You may not believe me but a hard head on a float is like Cobia candy. 

Also a small ray with the barb cut off for safety.

You get the right outsuck (break in the bar) (rip tide) and the bait will go out with the current.


----------



## Combat Pay (Mar 7, 2011)

I have caught plenty of fish using small live baits about 2 feet under a popping cork in the surf. I usually use a finger mullet or pin fish. 

Biggest trout I have ever caught came to this rig. I just let the fish drag the float around all they want. If they come in too shallow I just reel them in and toss em back out. I have also had good luck wading out and tossing them on the other side of the first bar. Only problem then is getting bit off by small sharks. 

There is nothing more fun than watching that cork go into spasms when a predator starts tracking the bait. Then the sudden stop and then the cork just starts steaming away. I do love it...

Dave


----------



## coastie83 (Apr 20, 2014)

panhandleslim said:


> I guess the issue is keeping the bait from getting tangled in your terminal tackle or making it's way back to the beach.
> 
> In islands where you have wind coming from your back, you can just balloon the bait out with a little weight to keep it below the balloon, no problem. Here, our spring and summer winds prevail from the south and our beach is to the north.
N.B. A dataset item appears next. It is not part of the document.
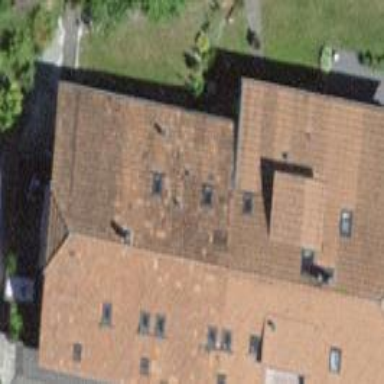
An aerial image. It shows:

Maybe you could pull it off in the bay in a place exposed to the right wind.
> 
> In Hawaii, they Marlin fish from the rocks using an inflated garbage bag as a sail to get the live bait out. Here, it's just not practical.


You used to live in Hawaii? I lived on Oahu for a while, at the time I was really into spear fishing so missed out on some other fishing techniques. Would have liked to see that


----------



## coastie83 (Apr 20, 2014)

DANTheJDMan said:


> BubbaLuch said:
> 
> 
> > Has anyone every used like live lady's or hardtail in the surf for bait? Or just any kind of love bait in general. I've done it off the jetties but can never get any bait near the surf worth throwing out. What were your results if you ever did?
> ...


The new Florida Sportsman has a feature article about hardheads and cobia.


----------



## panhandleslim (Jan 11, 2013)

coastie83 said:


> You used to live in Hawaii? I lived on Oahu for a while, at the time I was really into spear fishing so missed out on some other fishing techniques. Would have liked to see that


Never lived in Hawaii but I've got a couple of friends in Kona that I used to go over and fish with a month at a time. I've seen some wild fishing methods. Handlining 150 lb. yellowfins from a 16 ft. skiff. Things like that. My first exposure to kite fishing was on a little island between Bali and Lombok called Gili Air. You would have twenty guys wading out with the wind at their back, using two poles each. One was the kite pole and the other the bait pole. No reels. Just manually wrapping the line around a small cleat on the pole. It's quite a sight to see twenty of em lined up catching small tuna.


----------